I am upset by this way of thinking because these are human beings who must interact with other human beings. If they ever have to interact with someone who has been raped, the thought that they would express these sentiments to them is terrifying. Providing support to someone who has been raped or sexually assaulted is already fraught with so many well intentioned mistakes, pits, falls and tensions. The least we can do is make sure that our attitude is at least one of compassion. To act like they are likely faking it because they didn’t react in the stereotypical way would only serve to re-traumatise them. If someone had made me feel that I imagined the whole carjacking experience, it would have taken longer than 8 months for me to recover. God forbid I ever get raped, but I can’t even BEGIN to imagine if my friend, sister or cousin acted like I don’t know what I’m talking about when I tell her that I was raped, just because I didn’t scream.

I have been told that these are just their opinions and bla bla bla. ‘Everyone has their own opinion’ is irresponsible thinking. Opinions are a dime a dozen. They matter. They matter a lot and I will never fight that, but they are not the be-all-end-all. Human beings are made a certain way. Those are facts that are known. The law says certain things about rape. Those are also known facts. The statistics about rape are known facts.
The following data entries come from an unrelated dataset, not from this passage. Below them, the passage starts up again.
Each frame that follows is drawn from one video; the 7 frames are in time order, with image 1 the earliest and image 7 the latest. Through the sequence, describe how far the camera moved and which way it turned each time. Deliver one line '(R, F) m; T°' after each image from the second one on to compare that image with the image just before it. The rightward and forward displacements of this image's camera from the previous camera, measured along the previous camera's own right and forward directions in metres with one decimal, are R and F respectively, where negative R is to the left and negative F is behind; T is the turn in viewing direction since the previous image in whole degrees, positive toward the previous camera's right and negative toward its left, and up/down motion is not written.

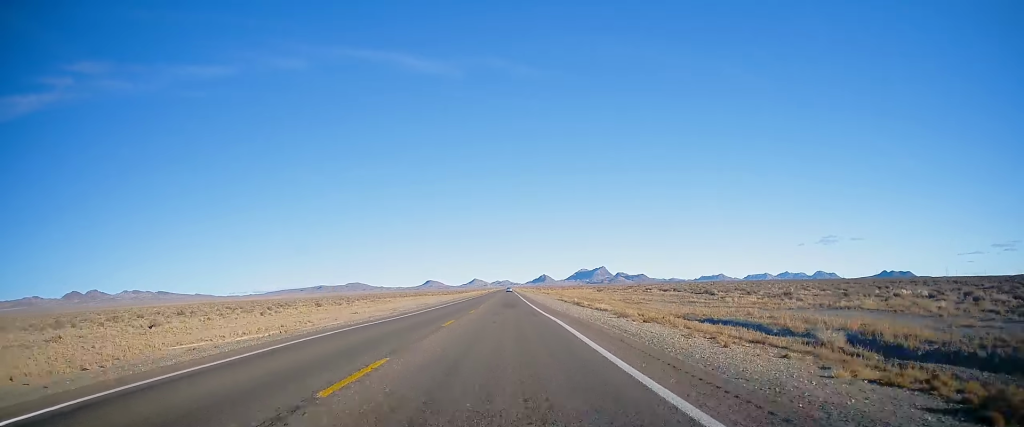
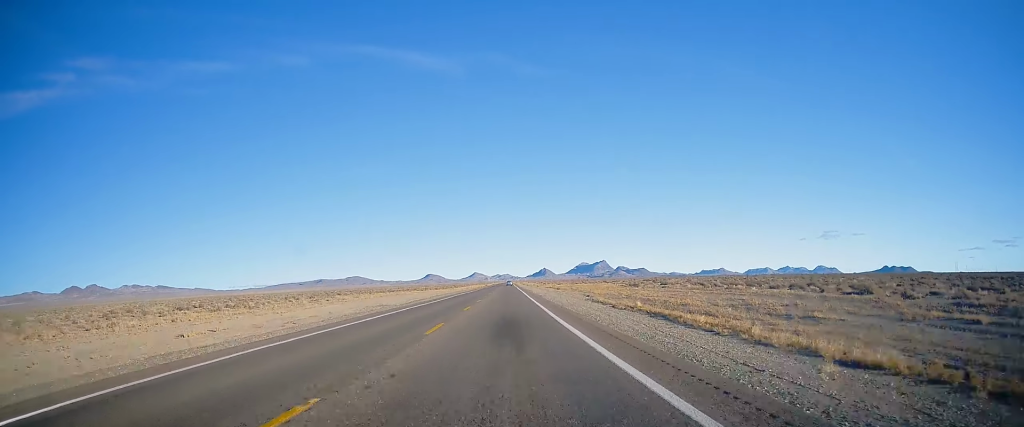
(-0.2, +28.2) m; -1°
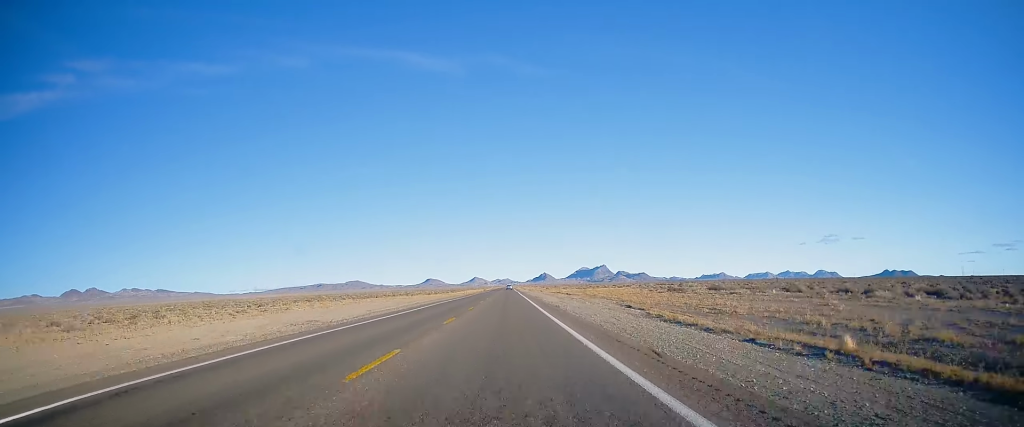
(-0.1, +19.2) m; 0°
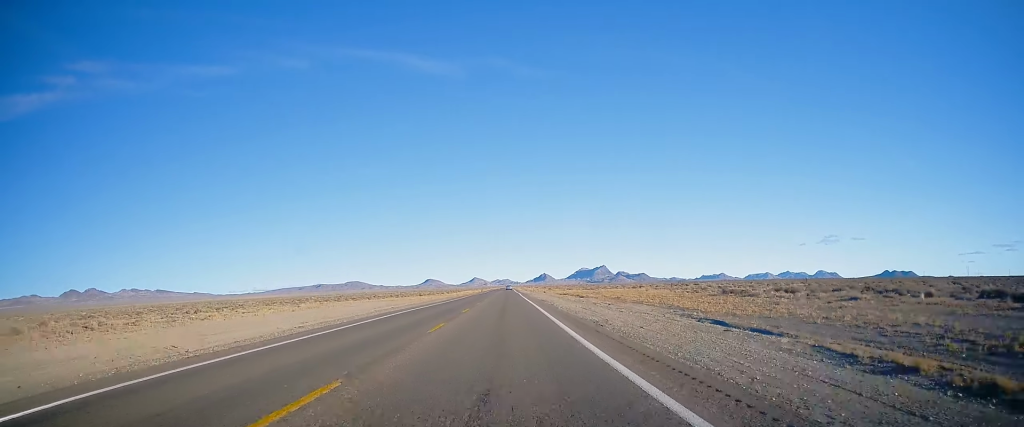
(-0.1, +15.8) m; 0°
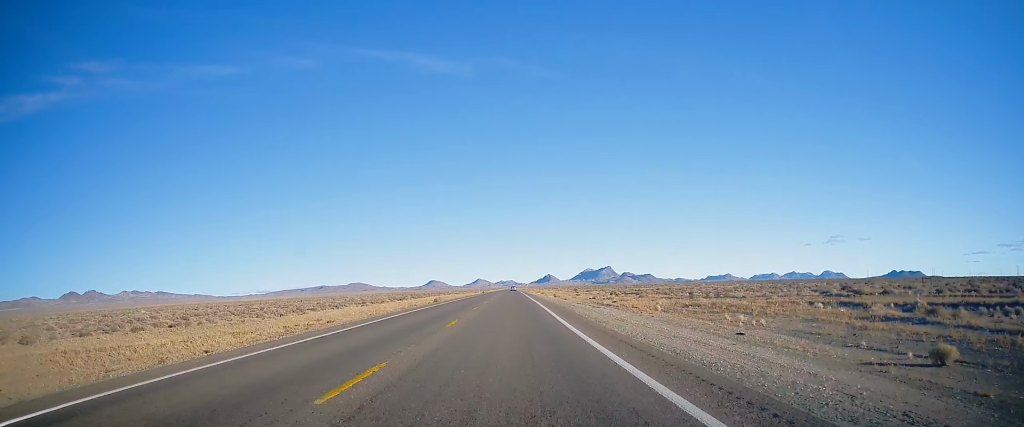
(+0.7, +131.8) m; 0°
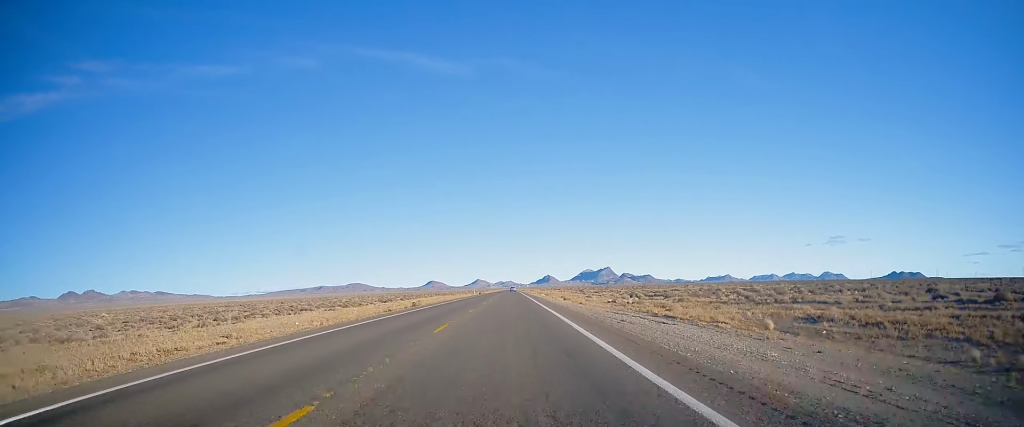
(-0.1, +15.6) m; 0°
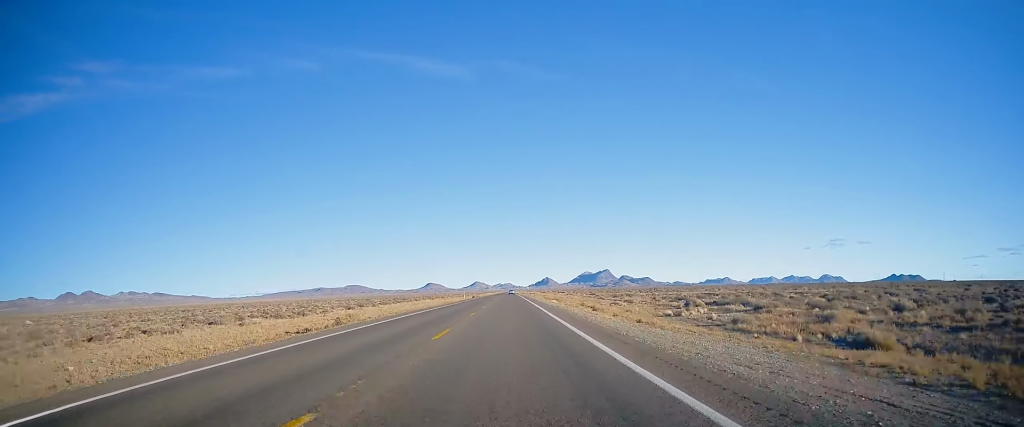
(+0.1, +24.5) m; 0°

Opinions about known facts are neither here nor there.

A lot of people seem very bent on us not calling it a rape but what concerns me is that the way people are reacting even to a ‘possible’ or ‘alleged’ rape is WRONG. Some made jokes. Some even claimed that we should just let people have fun on social media. Some congratulated this ‘Mollis’. The writer of the article that got pulled down applauded him for making an audio recording because a video would have been more damning. (Which means there would presumably have been something incriminating in the first place. That writer has serious problems.) Some came up with justifications and then there are always the ones who blame the victim. Many laughed and shared memes on it and it was horrifying.
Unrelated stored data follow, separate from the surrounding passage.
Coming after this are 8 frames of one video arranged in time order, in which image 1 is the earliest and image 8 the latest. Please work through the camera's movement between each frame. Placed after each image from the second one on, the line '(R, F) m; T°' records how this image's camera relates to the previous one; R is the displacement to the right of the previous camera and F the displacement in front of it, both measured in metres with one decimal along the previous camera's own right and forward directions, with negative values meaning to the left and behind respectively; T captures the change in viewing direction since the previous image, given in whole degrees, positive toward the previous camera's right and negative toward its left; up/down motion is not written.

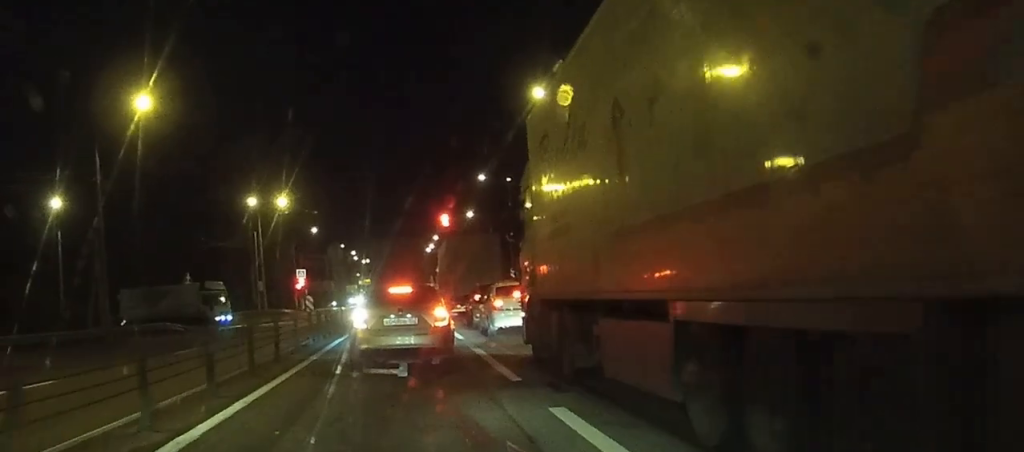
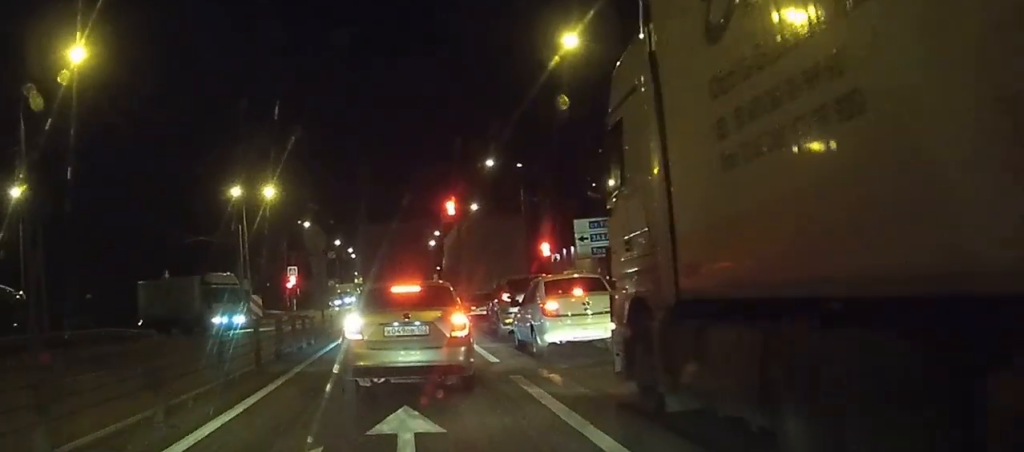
(0.0, +8.3) m; -1°
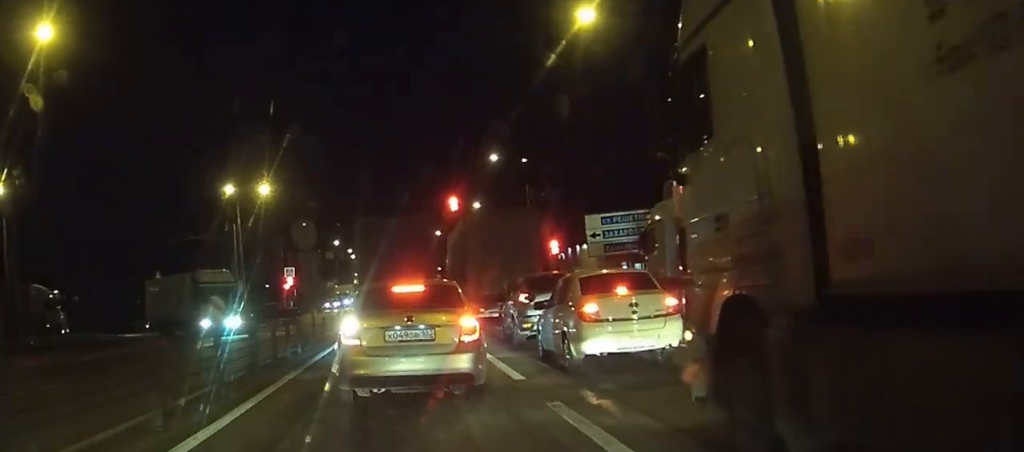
(0.0, +3.3) m; -1°
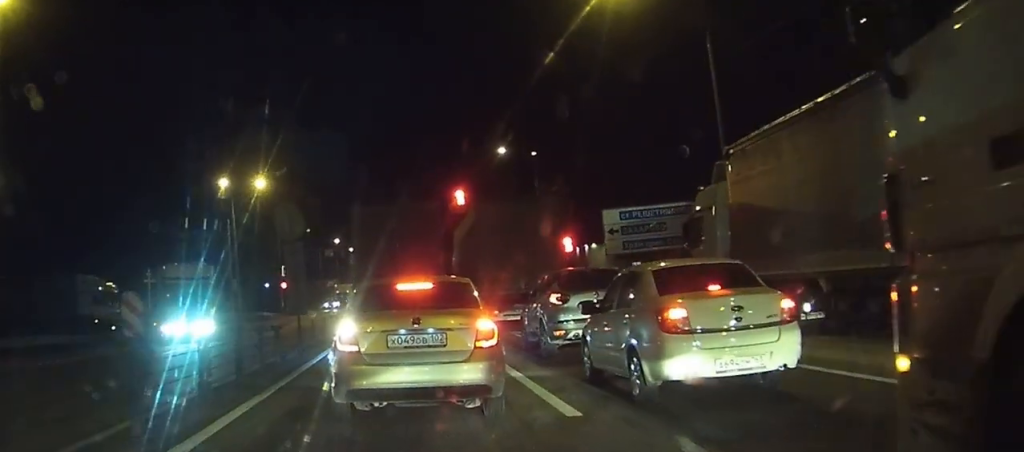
(0.0, +3.8) m; 0°
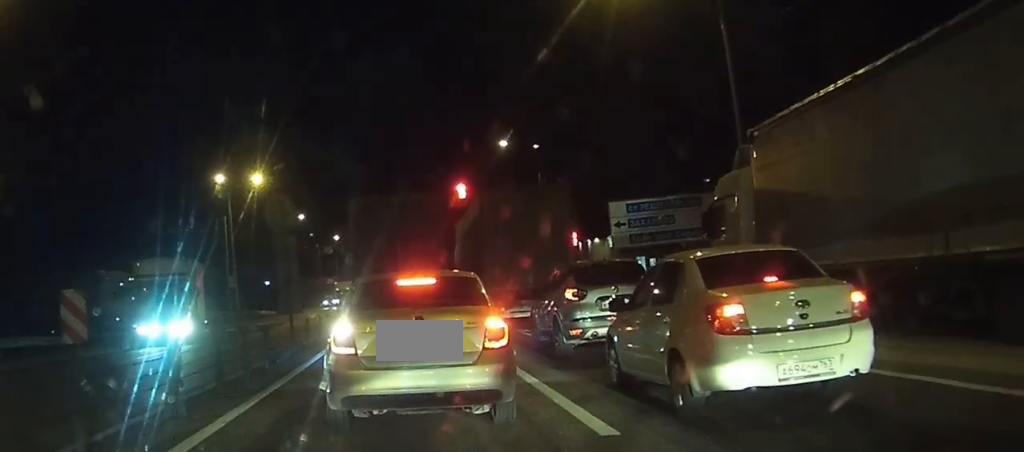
(0.0, +1.5) m; 0°
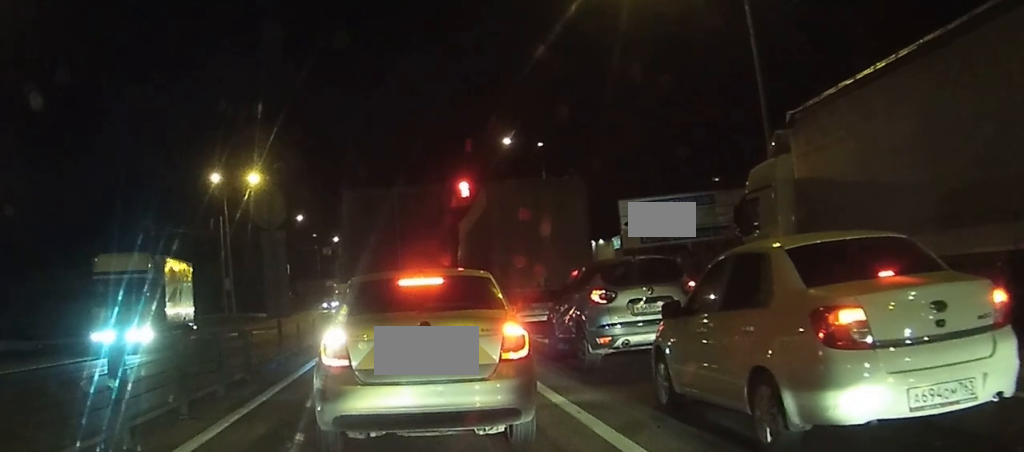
(0.0, +1.8) m; -1°
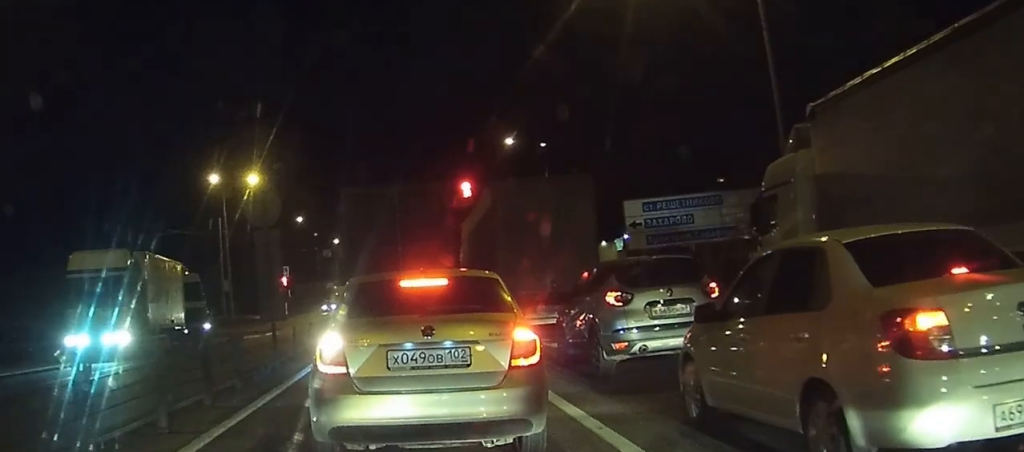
(0.0, +0.7) m; 0°
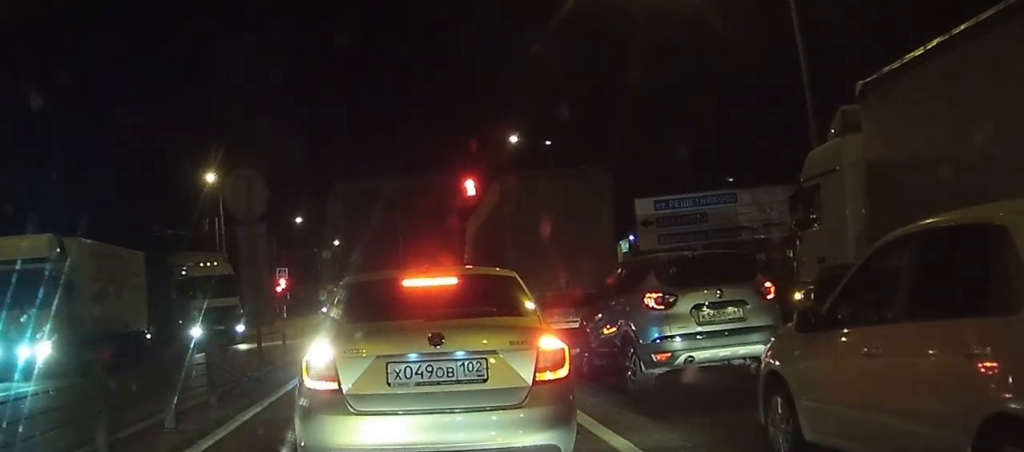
(0.0, +1.5) m; 0°

(Side note – I thank the Lord for my friends because unlike other people’s experiences, I never had even one person send that clip to me on whatsapp, and no one posted jokes or memes about it. Thank you Lord for my friends. From the bottom of my heart.)

Like I said earlier though, rape is only caused by rapists. You can be drunk or sober, scantily dressed, nude or fully covered, at home or out partying, attractive or unattractive, slim or fat, short or tall, a child, a woman or a geriatric, aggressive or easy going, a man or a woman (Yes, even men get raped. Educate yourself.) walking or in a car, having fun or working, with a stranger, friend, family member, boyfriend or husband, outgoing or introverted and so many other things, and someone could still rape you. The worst thing is that statistically, it is most likely someone you know and maybe even trust.

As soon as it was likely a rape, our obligation was to react with compassion and to pursue justice. Justice in this case also covers the likelihood that it may not have been rape. The simple truth is though, AS SOON AS IT IS POSSIBLY rape, we cannot make such statements and express such attitudes and if we do, then they must be addressed.

It is inhuman to require that our own doubts about a rape be satisfied before we can give it any kind of seriousness or hold a perpetrator to answer for it. It is inhuman that we can even think to demand to witness the suffering ourselves before we can stand with the victims. As the person who made the post I agreed with said “In cases of sexual assault and rape, there should be no memes or fun. It negates the gravity of it all.”

In the grand scheme of things, humanity is our biggest responsibility. We all have an obligation to continually improve ourselves and we should always have a willingness to interrogate our own beliefs. Opinions, changeable as they are, should also be interrogated and explored. I personally believe that it is a great mark of maturity to always question oneself when confronted with differing views and pursue higher, better and more compassionate ways of thinking.

I’m asking everyone to educate themselves on rape, consent, sexual assault and to ruthlessly interrogate the attitudes and beliefs we each have about these things. There are countless resources on the internet these days that anybody can use to educate themselves about darn near everything.